Lines from the one containing "Two aerial photos of one place in France, from 2015" to the end of the data below are to be restated exactly, with both ends included and nothing else.

---*---

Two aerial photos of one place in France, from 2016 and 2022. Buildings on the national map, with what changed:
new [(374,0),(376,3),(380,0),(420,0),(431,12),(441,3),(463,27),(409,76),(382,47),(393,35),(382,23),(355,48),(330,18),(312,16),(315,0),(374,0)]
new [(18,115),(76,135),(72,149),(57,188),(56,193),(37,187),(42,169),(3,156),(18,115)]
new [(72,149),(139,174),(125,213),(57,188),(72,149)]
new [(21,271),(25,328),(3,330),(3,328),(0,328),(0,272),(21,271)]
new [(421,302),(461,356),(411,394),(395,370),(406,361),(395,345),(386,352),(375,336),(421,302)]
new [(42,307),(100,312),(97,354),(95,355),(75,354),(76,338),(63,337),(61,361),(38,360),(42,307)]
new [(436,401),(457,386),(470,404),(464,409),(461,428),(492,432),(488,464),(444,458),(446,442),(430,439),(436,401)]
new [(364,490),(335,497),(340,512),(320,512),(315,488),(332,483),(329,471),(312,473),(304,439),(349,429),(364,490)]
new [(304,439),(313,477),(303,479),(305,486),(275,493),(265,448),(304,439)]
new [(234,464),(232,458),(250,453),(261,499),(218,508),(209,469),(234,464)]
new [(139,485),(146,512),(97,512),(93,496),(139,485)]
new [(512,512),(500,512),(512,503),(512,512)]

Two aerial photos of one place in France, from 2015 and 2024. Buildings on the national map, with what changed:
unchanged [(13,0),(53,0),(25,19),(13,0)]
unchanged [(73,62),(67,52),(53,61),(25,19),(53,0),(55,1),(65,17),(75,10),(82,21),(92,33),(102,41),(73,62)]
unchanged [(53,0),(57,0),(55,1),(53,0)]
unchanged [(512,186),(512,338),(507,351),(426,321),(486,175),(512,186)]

---*---

Solution:
Two aerial photos of one place in France, from 2015 and 2024. Buildings on the national map, with what changed:
unchanged [(13,0),(53,0),(25,19),(13,0)]
unchanged [(73,62),(67,52),(53,61),(25,19),(53,0),(55,1),(65,17),(75,10),(82,21),(92,33),(102,41),(73,62)]
unchanged [(53,0),(57,0),(55,1),(53,0)]
unchanged [(512,186),(512,338),(507,351),(426,321),(486,175),(512,186)]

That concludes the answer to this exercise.